Figure 3: Detecting whether models use LayerNorm or RMSNorm by singular value magnitudes.

Further, stress tests depict vulnerabilities present within API-based access points, emphasizing the necessity for robust defensive measures:

Figure 4: Stress-testing the LayerNorm extraction attack on models behind an API (a-b), and models using both RMSNorm and biases (c).

Defense Strategies

Architectural Modifications

The paper suggests potential future defensive architectures to mitigate exposure to such model-stealing attacks. These defensive measures proposed include breaking the projection layer into sub-layers incorporating nonlinearities, thus reducing susceptibility to the described attack methodology. Altering the architectural design post-hoc to accommodate defensive solutions forms part of a series of proposed mitigations.

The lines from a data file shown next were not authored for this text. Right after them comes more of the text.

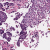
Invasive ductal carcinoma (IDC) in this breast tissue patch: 1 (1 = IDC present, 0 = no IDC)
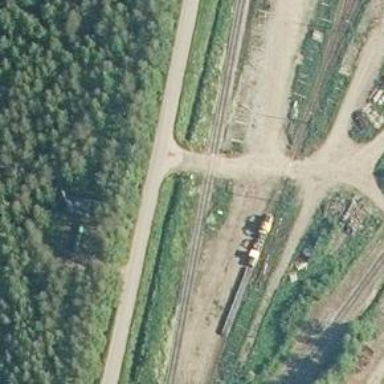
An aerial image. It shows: Railway signal.
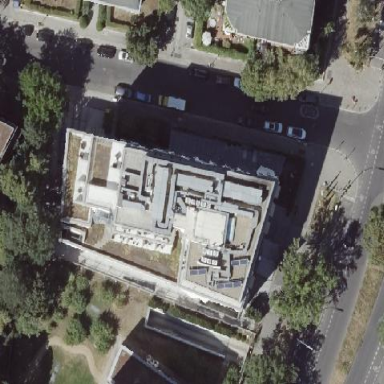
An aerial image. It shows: Hotel building with flat roof.
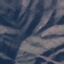
Land use / land cover: HerbaceousVegetation
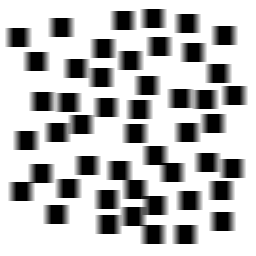
Squares: 48
Triangles: 0
Stars: 0
Total shapes: 48
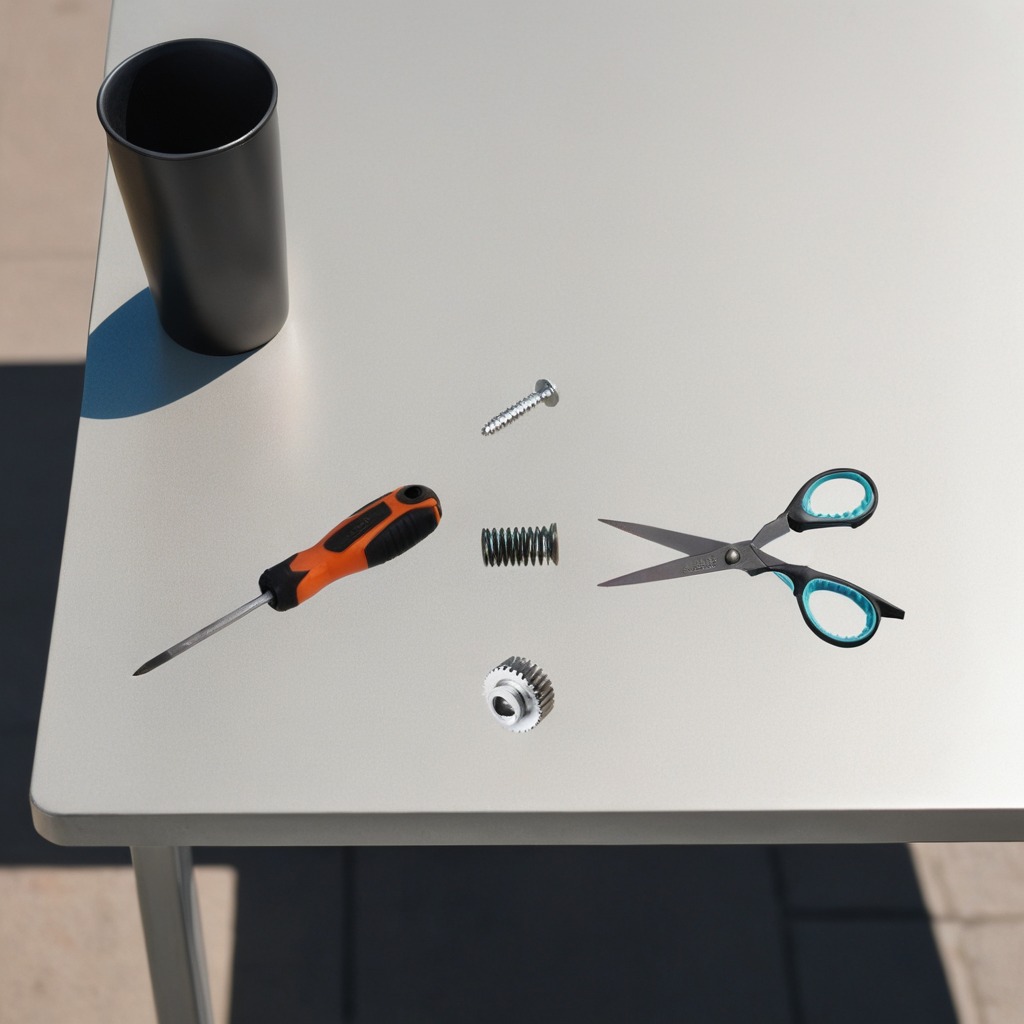
A steel gear with teeth, a metal machine screw, a coiled metal spring, a screwdriver, and a pair of scissors are lying on the utility table.
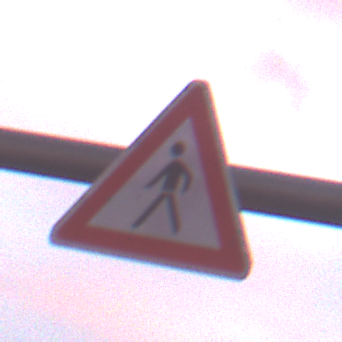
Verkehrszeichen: FussgaengerRechts
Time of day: SunriseSunset
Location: Outdoor (Urban)
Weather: PartlyCloudy
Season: NotSpecified
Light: Natural
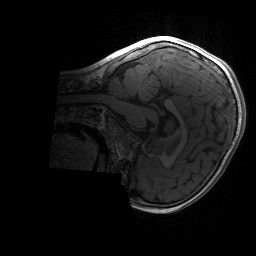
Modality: T1w
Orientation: sagittal
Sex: male
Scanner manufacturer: siemens
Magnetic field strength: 3 T
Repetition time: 1.9 s
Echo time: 0.00243 s
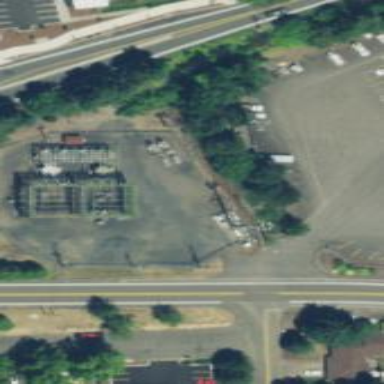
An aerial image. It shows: Fence surrounds minor distribution substation.
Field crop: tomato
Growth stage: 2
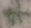
Species: solanum
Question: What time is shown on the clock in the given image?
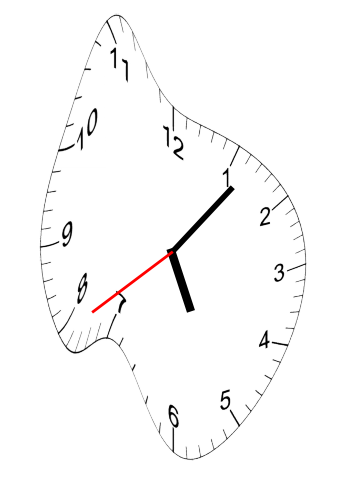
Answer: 05:06:39

Noise and Bias Restrictions

Implementing noise on output logits can obscure extraction accuracy significantly, posing challenges to confidentiality breaches. Moreover, restrictions on logit bias and logprob combinations serve as practical mitigations introduced by various model providers in response to demonstrated vulnerabilities.

Conclusion

The research delineated in this paper presents a viable attack vector on proprietary models, challenging prior assumptions regarding the security of production LLMs presented solely through API interfaces. By revealing architectural aspects previously considered clandestine through strategic querying and mathematical decomposition techniques, this research redefines the boundaries of model security. Consequently, the implications for model integrity, handling and confidentiality outline crucial considerations for AI model providers seeking to preserve intellectual property against such advanced attack methodologies. Researchers are encouraged to pursue subsequent work addressing the defenses against model extraction, reinforcing the collaborative efforts necessary to secure next-generation AI applications.